Step 2: Make Data available in Lakehouse

Once Lakehouse Storage is enabled for your namespace or cluster, data can be automatically written in lakehouse table formats when you produce messages to your topic. Currently, the feature supports only topics with AVRO schema or primitive schema.

For testing purposes, use pulsar perf to produce messages to a topic:

bin/pulsar-perf produce -r 1000 -u pulsar://localhost:6650 persistent://public/default/test-topic

Check if data has been offloaded by examining the topic's internal stats using pulsar-admin or StreamNative Cloud console:

bin/pulsar-admin topics stats-internal persistent://public/default/test-topic

Offload Cursor

Topic Stats Internal

Step 3: Read Data from Lakehouse

Even though data is written in Lakehouse table formats, you can continue to read the topics using Kafka or Pulsar's API. Alternatively, if you want to replay all the data, you can use the Lakehouse table to read the data directly from the Lakehouse using any analytical tools that are compatible with Lakehouse table formats, from Snowflake and Databricks to Athena, Flink, and Spark.

Streaming Read

You can continue to use the Pulsar or Kafka API to read data from the topic even when the data is written in Lakehouse table formats.

For example, you can create a reader/consumer using the Pulsar client to read data seamlessly.

For testing, consume messages from a topic using pulsar perf:

bin/pulsar-perf consume -ss test_sub -sp Earliest -u pulsar://localhost:6650 persistent://public/default/test-topic

Read as a Lakehouse table

Serverless & Dedicated Cluster

Currently, the topics are not exposed as Lakehouse tables for user access. This feature is coming soon.

BYOC Cluster

In BYOC (Bring Your Own Cloud) clusters, the data is stored in the customer's S3 or GCS buckets. Once Lakehouse Storage is enabled, the data will be stored as Lakehouse tables in those buckets. You can use Spark SQL, Athena, Trino, or other tools to read the Lakehouse tables from these buckets.

Catalog support is coming soon.

Disable Lakehouse Storage

If you want to disable the Lakehouse Storage feature, set the offload threshold to -1 using pulsar-admin:

bin/pulsar-admin namespaces set-offload-threshold public/default --size -1 --time -1

After disabling Lakehouse Storage, data will no longer be written as Lakehouse tables. Ensure that you do not delete offload configurations or Lakehouse tables to prevent data loss.

Limitations

The limitations of Lakehouse Storage include:

Schema evolution does not support field deletion
Supported schema types vary for different table formats
- We only support AVRO and Pulsar primitive schema for Delta Lake tables
Inability to configure different table formats for distinct namespaces or topics

Delta Lake-specific limitations:

Avoid using Spark for small file compaction to prevent interference with streaming reads from Delta tables. Separate support for the compaction feature is available.

Notice

In Lakehouse Storage, the RawReader interface is utilized to retrieve messages from Pulsar topics and write them to the Lakehouse. A critical component of this process is the offload cursor, which marks the progress of the offloading operation. It's crucial to note that prematurely advancing the offload cursor can lead to data loss in writing to lakehouse tables.

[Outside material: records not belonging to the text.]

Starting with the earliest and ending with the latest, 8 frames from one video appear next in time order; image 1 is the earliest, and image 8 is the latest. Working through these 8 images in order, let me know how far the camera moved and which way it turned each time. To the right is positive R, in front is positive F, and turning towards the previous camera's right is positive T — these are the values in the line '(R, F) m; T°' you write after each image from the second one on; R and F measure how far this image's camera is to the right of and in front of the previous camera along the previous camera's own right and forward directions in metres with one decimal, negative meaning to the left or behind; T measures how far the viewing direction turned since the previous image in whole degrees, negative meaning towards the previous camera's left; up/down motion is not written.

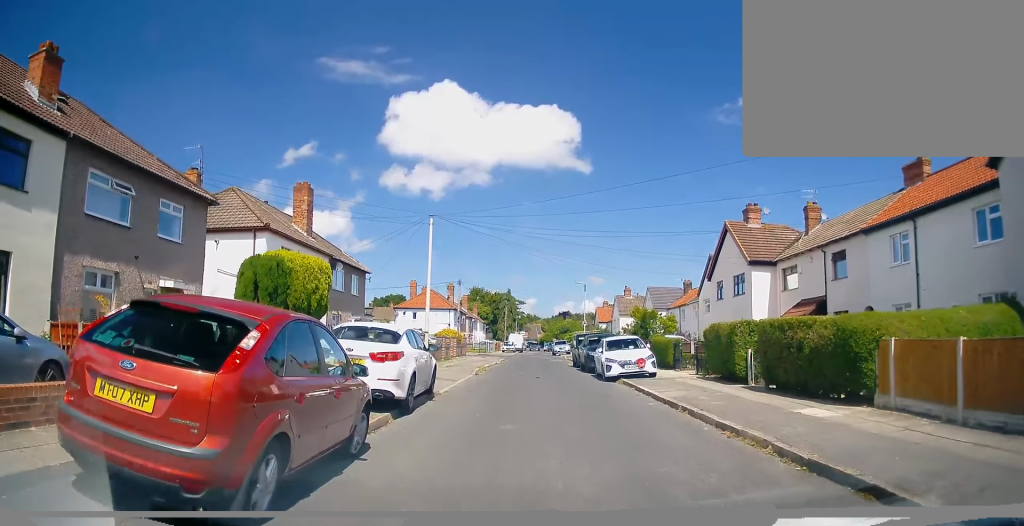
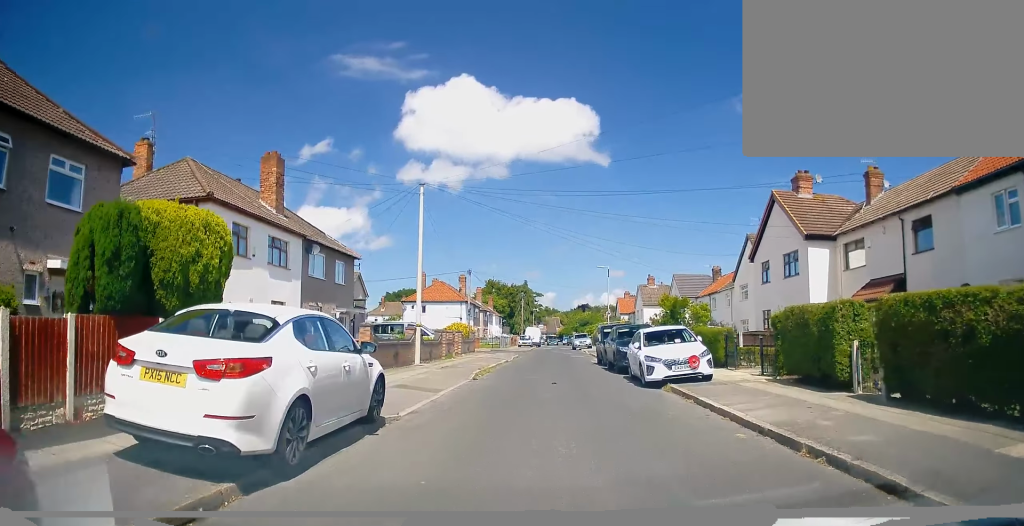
(-0.1, +4.9) m; -4°
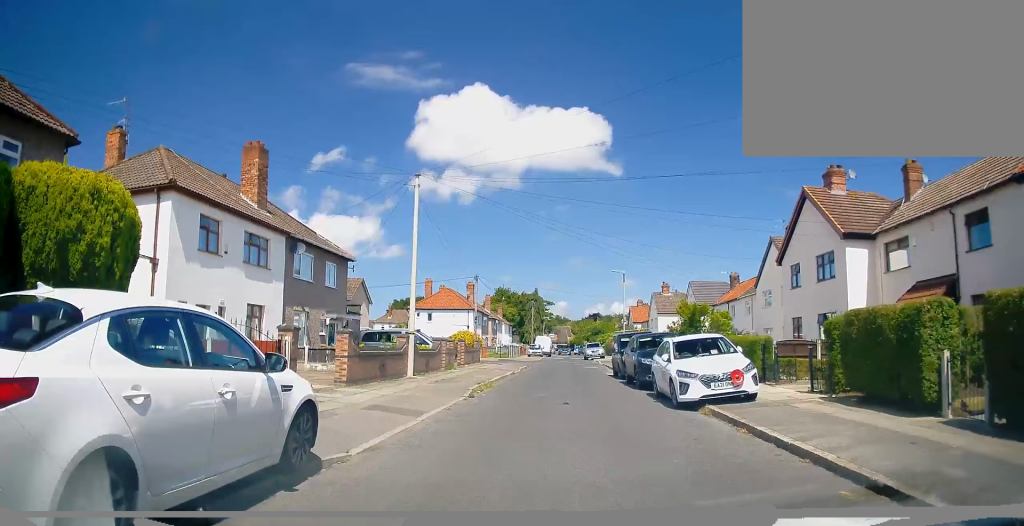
(-0.1, +2.5) m; 0°
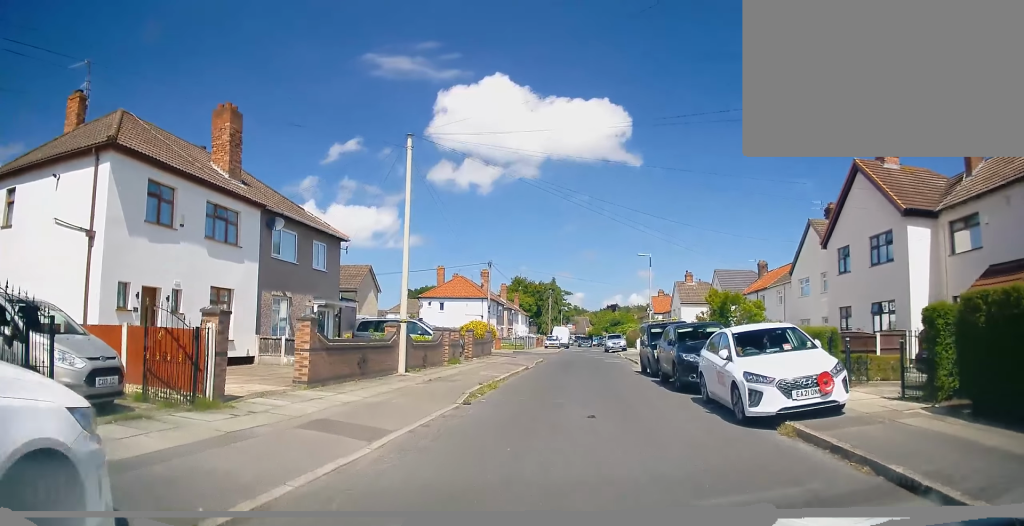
(-0.1, +3.2) m; 0°
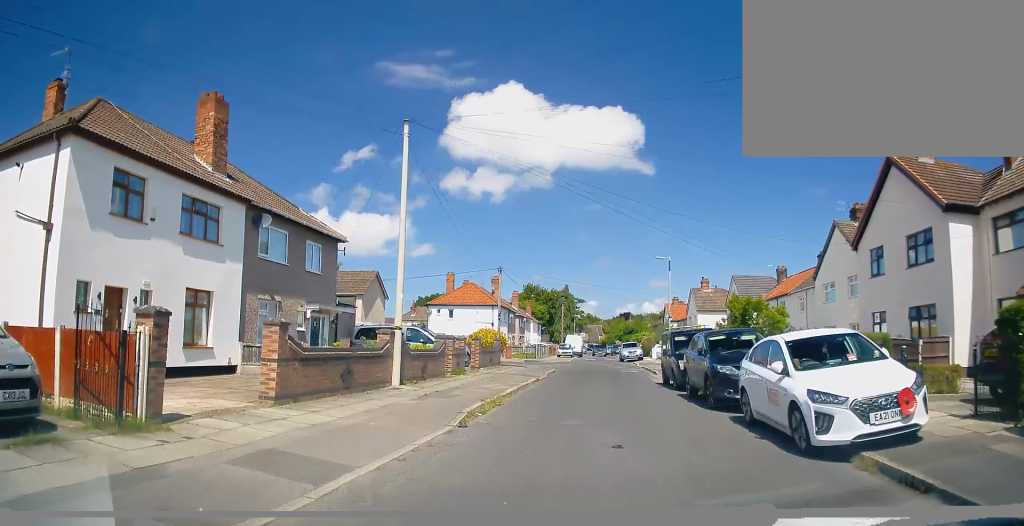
(+0.1, +1.9) m; 0°
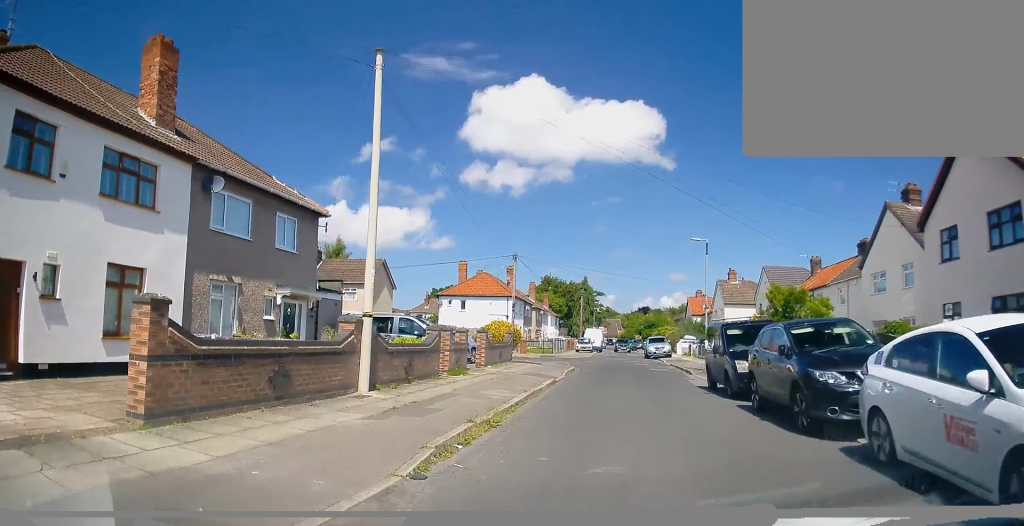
(0.0, +3.9) m; -2°
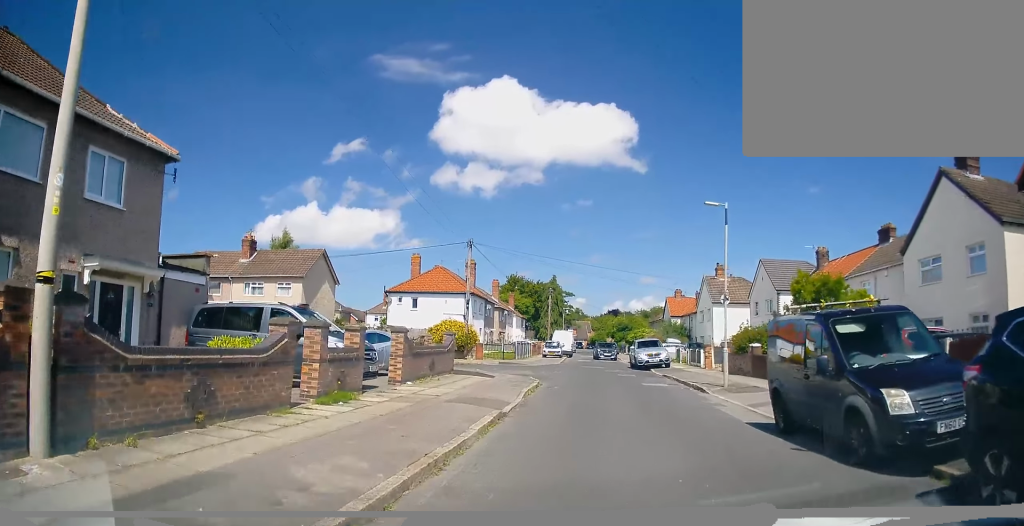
(-0.3, +7.5) m; -2°
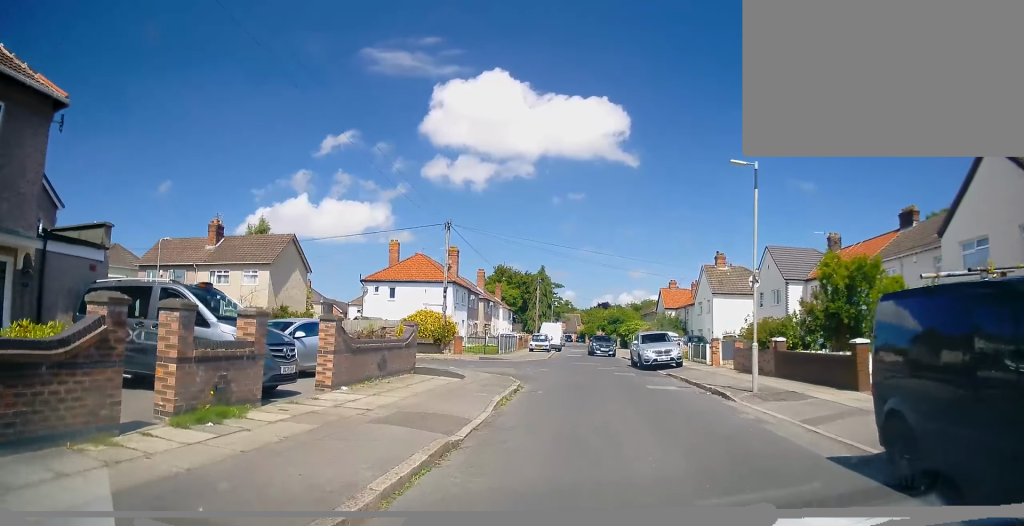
(0.0, +3.8) m; +4°

When configuring Time-to-Live (TTL) settings at the namespace or topic level, consider the following two key options:

Do Not Configure TTL at Namespace or Topic Level:

This option ensures that no TTL constraints are imposed at the namespace or topic level, allowing data to persist without automatic expiration based on time.

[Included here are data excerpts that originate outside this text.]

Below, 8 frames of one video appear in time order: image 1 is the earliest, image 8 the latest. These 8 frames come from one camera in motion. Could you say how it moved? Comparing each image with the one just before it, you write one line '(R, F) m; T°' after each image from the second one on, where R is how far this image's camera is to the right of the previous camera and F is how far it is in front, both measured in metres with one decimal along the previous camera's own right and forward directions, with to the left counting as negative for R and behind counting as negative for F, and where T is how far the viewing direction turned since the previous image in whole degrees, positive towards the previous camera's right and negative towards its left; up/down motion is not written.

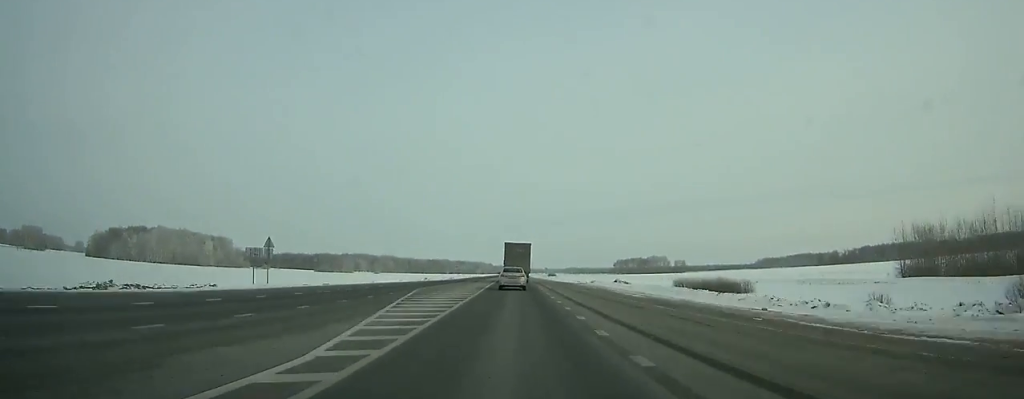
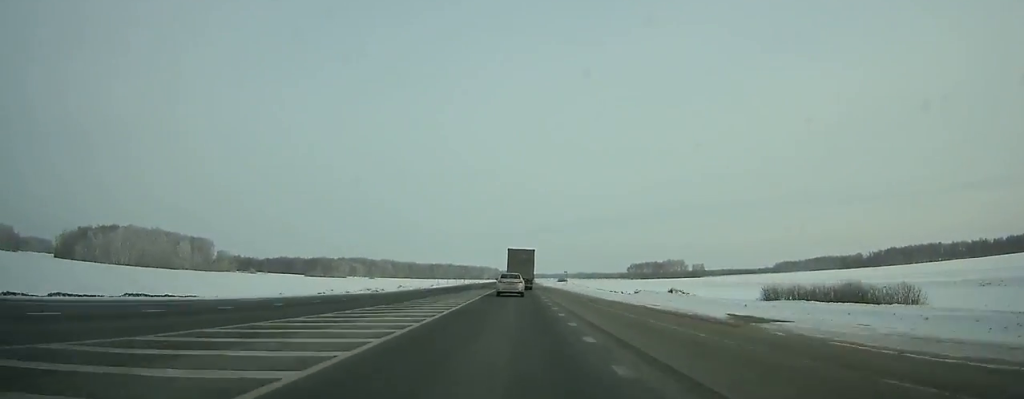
(-0.3, +45.3) m; 0°
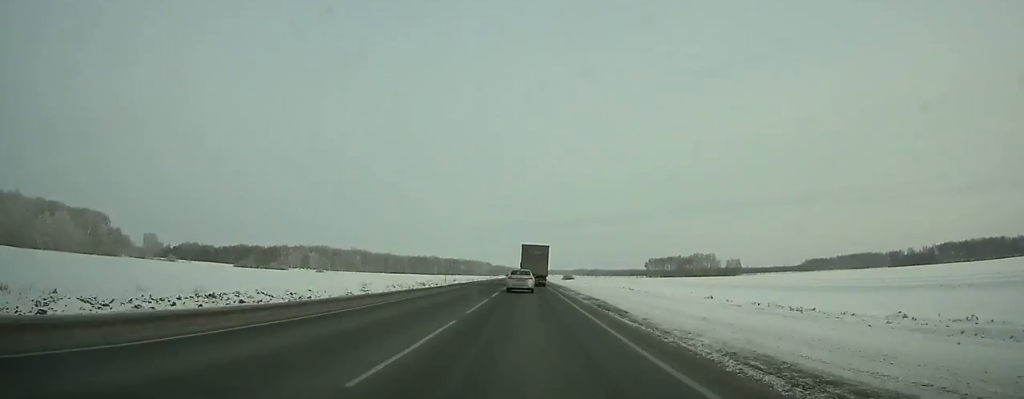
(0.0, +124.6) m; +1°
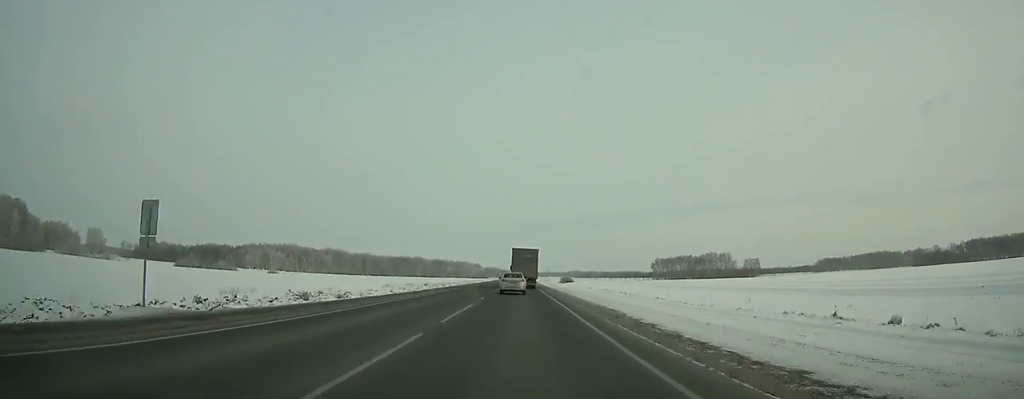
(+0.4, +63.5) m; +1°
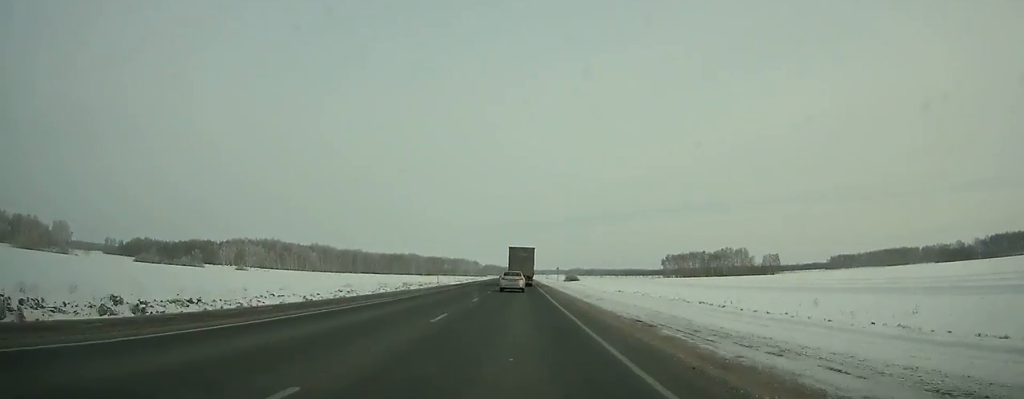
(+0.2, +39.5) m; 0°
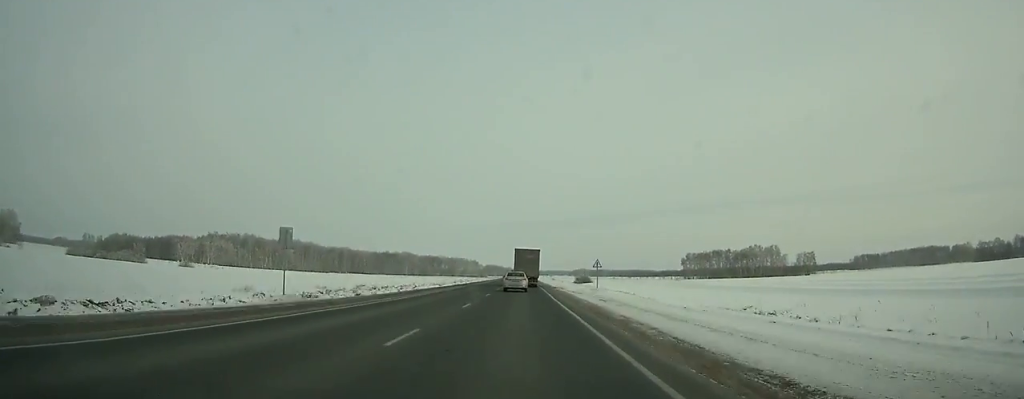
(-0.1, +55.1) m; 0°
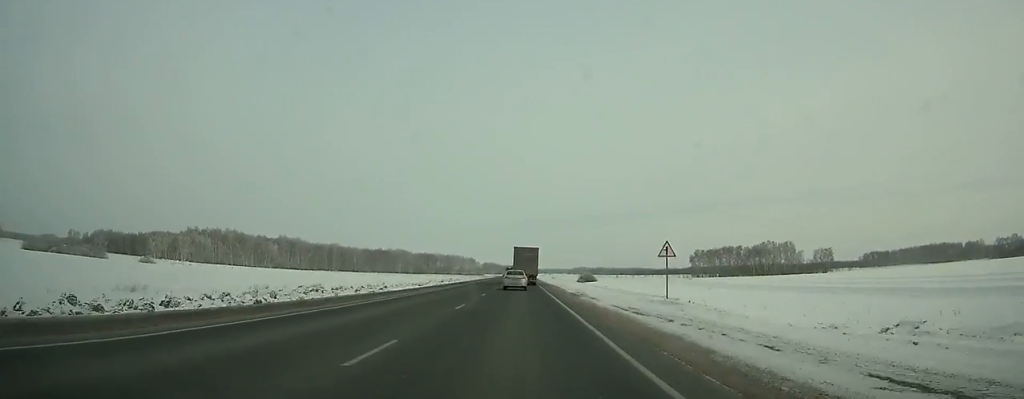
(+0.1, +26.7) m; 0°
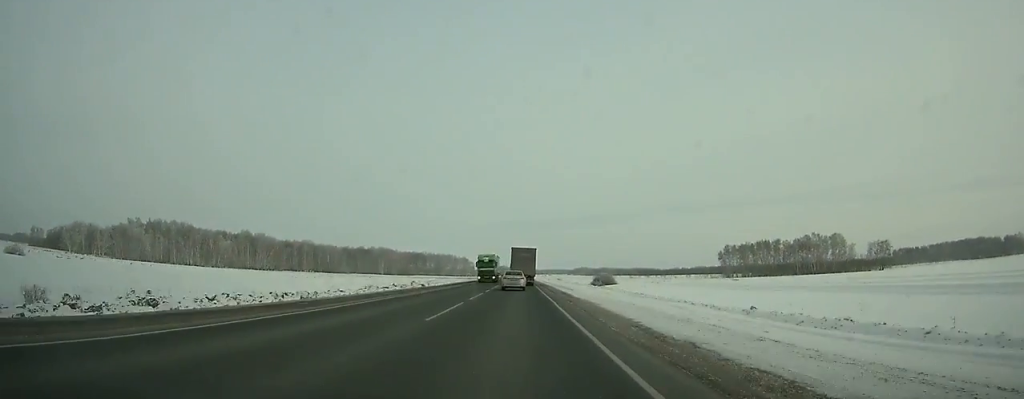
(+0.2, +65.0) m; 0°

Configure TTL at Namespace or Topic Level:

If TTL settings are implemented at the namespace or topic level, it is crucial to ensure that the TTL value is greater than the retention policy set for the topic or namespace.

By carefully considering these options and aligning TTL configurations with retention policies, organizations can effectively manage the data lifecycle and retention within the Lakehouse Storage, thereby safeguarding against unintended data loss scenarios.